§ **TASK BRIEF**
Each entry must be given again exactly; images do not belong in the copy.

[Data extracted from a collection]
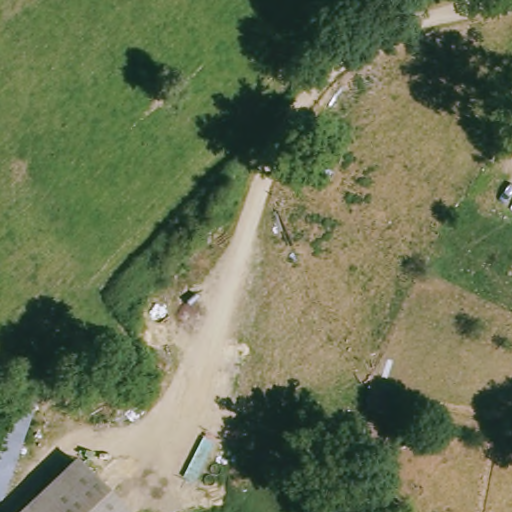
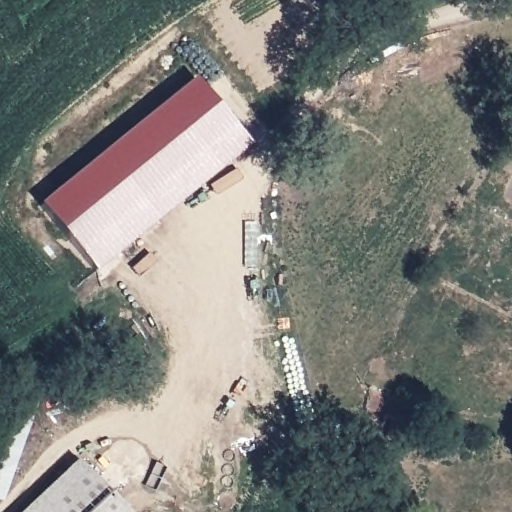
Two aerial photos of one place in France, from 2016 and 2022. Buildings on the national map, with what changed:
new [(95,271),(40,205),(196,78),(251,145),(95,271)]
unchanged [(20,392),(49,401),(13,502),(0,497),(0,453),(20,392)]
unchanged [(127,512),(20,512),(74,460),(127,512)]

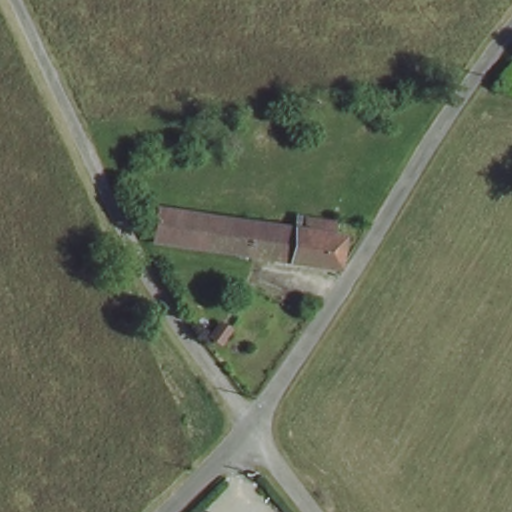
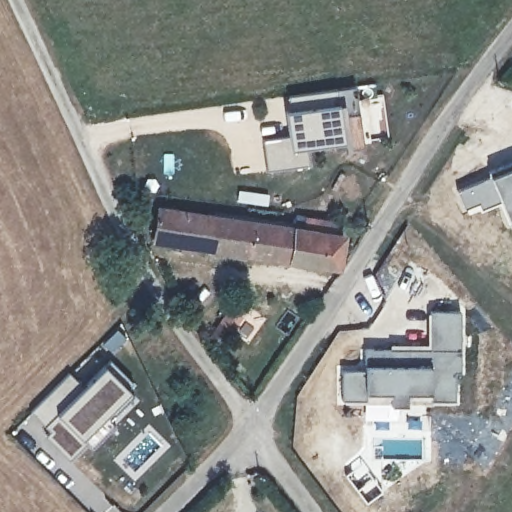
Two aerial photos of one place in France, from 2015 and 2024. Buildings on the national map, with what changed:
new [(355,86),(365,145),(345,148),(305,147),(290,149),(288,134),(283,95),(355,86)]
new [(288,134),(290,149),(305,147),(308,164),(265,171),(260,139),(288,134)]
new [(512,165),(512,225),(512,223),(508,225),(498,203),(480,211),(478,207),(465,213),(455,189),(512,165)]
unchanged [(297,235),(297,228),(330,231),(328,241),(338,243),(334,270),(153,244),(157,217),(297,235)]
new [(405,403),(388,402),(344,401),(342,398),(341,370),(365,364),(365,348),(389,348),(389,343),(427,344),(427,314),(429,313),(429,310),(459,310),(458,371),(453,371),(453,400),(405,403)]
new [(68,366),(82,377),(102,356),(128,380),(78,427),(89,439),(70,456),(40,425),(25,409),(68,366)]

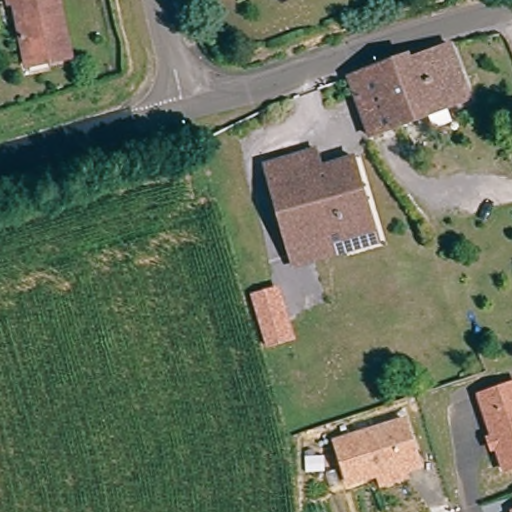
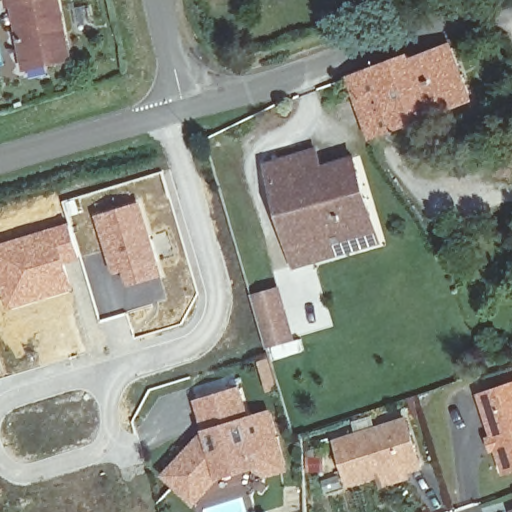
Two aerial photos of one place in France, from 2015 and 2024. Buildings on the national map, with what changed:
unchanged [(27,61),(14,2),(8,4),(7,0),(59,0),(72,56),(51,61),(29,66),(27,61)]
unchanged [(407,54),(408,58),(449,44),(469,98),(397,125),(370,136),(348,75),(407,54)]
unchanged [(322,163),(327,175),(358,166),(384,257),(356,265),(348,245),(297,260),(272,177),(322,163)]
new [(162,277),(126,288),(122,271),(113,273),(95,215),(141,203),(162,277)]
new [(69,222),(80,260),(66,264),(72,289),(8,308),(0,281),(0,242),(69,222)]
unchanged [(267,350),(251,294),(281,288),(297,339),(267,350)]
unchanged [(496,435),(482,393),(512,383),(512,468),(506,469),(498,444),(493,445),(491,437),(496,435)]
new [(250,416),(272,409),(290,470),(266,477),(256,468),(219,479),(195,507),(161,475),(202,429),(194,401),(242,386),(250,416)]
unchanged [(380,488),(377,479),(349,486),(332,439),(407,416),(424,468),(410,472),(410,479),(380,488)]

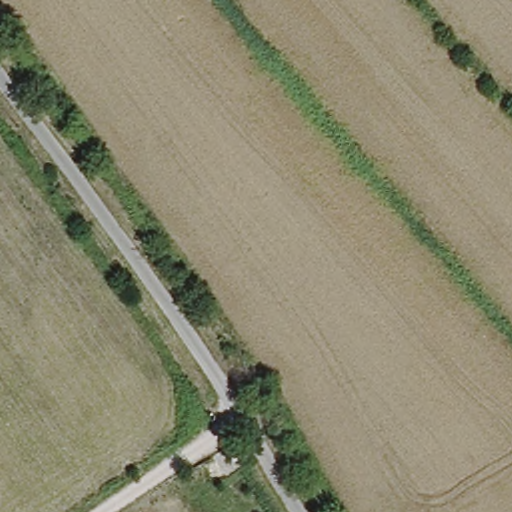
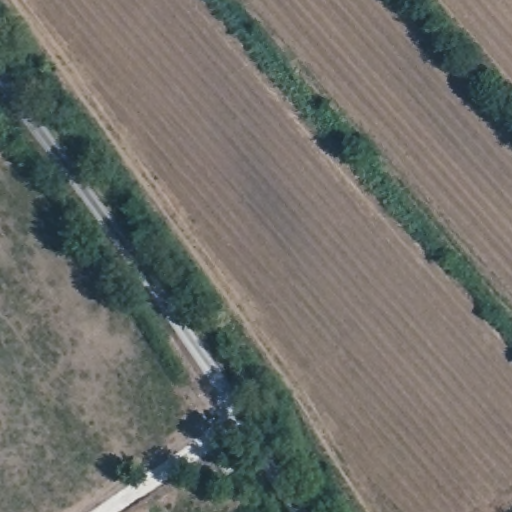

§ **WRITTEN SOLUTION**
Two aerial photos of one place in France, from 2016 and 2022. Buildings on the national map, with what changed:
new [(95,271),(40,205),(196,78),(251,145),(95,271)]
unchanged [(20,392),(49,401),(13,502),(0,497),(0,453),(20,392)]
unchanged [(127,512),(20,512),(74,460),(127,512)]

Two aerial photos of one place in France, from 2015 and 2024. Buildings on the national map, with what changed:
new [(355,86),(365,145),(345,148),(305,147),(290,149),(288,134),(283,95),(355,86)]
new [(288,134),(290,149),(305,147),(308,164),(265,171),(260,139),(288,134)]
new [(512,165),(512,225),(512,223),(508,225),(498,203),(480,211),(478,207),(465,213),(455,189),(512,165)]
unchanged [(297,235),(297,228),(330,231),(328,241),(338,243),(334,270),(153,244),(157,217),(297,235)]
new [(405,403),(388,402),(344,401),(342,398),(341,370),(365,364),(365,348),(389,348),(389,343),(427,344),(427,314),(429,313),(429,310),(459,310),(458,371),(453,371),(453,400),(405,403)]
new [(68,366),(82,377),(102,356),(128,380),(78,427),(89,439),(70,456),(40,425),(25,409),(68,366)]

Two aerial photos of one place in France, from 2015 and 2024. Buildings on the national map, with what changed:
unchanged [(27,61),(14,2),(8,4),(7,0),(59,0),(72,56),(51,61),(29,66),(27,61)]
unchanged [(407,54),(408,58),(449,44),(469,98),(397,125),(370,136),(348,75),(407,54)]
unchanged [(322,163),(327,175),(358,166),(384,257),(356,265),(348,245),(297,260),(272,177),(322,163)]
new [(162,277),(126,288),(122,271),(113,273),(95,215),(141,203),(162,277)]
new [(69,222),(80,260),(66,264),(72,289),(8,308),(0,281),(0,242),(69,222)]
unchanged [(267,350),(251,294),(281,288),(297,339),(267,350)]
unchanged [(496,435),(482,393),(512,383),(512,468),(506,469),(498,444),(493,445),(491,437),(496,435)]
new [(250,416),(272,409),(290,470),(266,477),(256,468),(219,479),(195,507),(161,475),(202,429),(194,401),(242,386),(250,416)]
unchanged [(380,488),(377,479),(349,486),(332,439),(407,416),(424,468),(410,472),(410,479),(380,488)]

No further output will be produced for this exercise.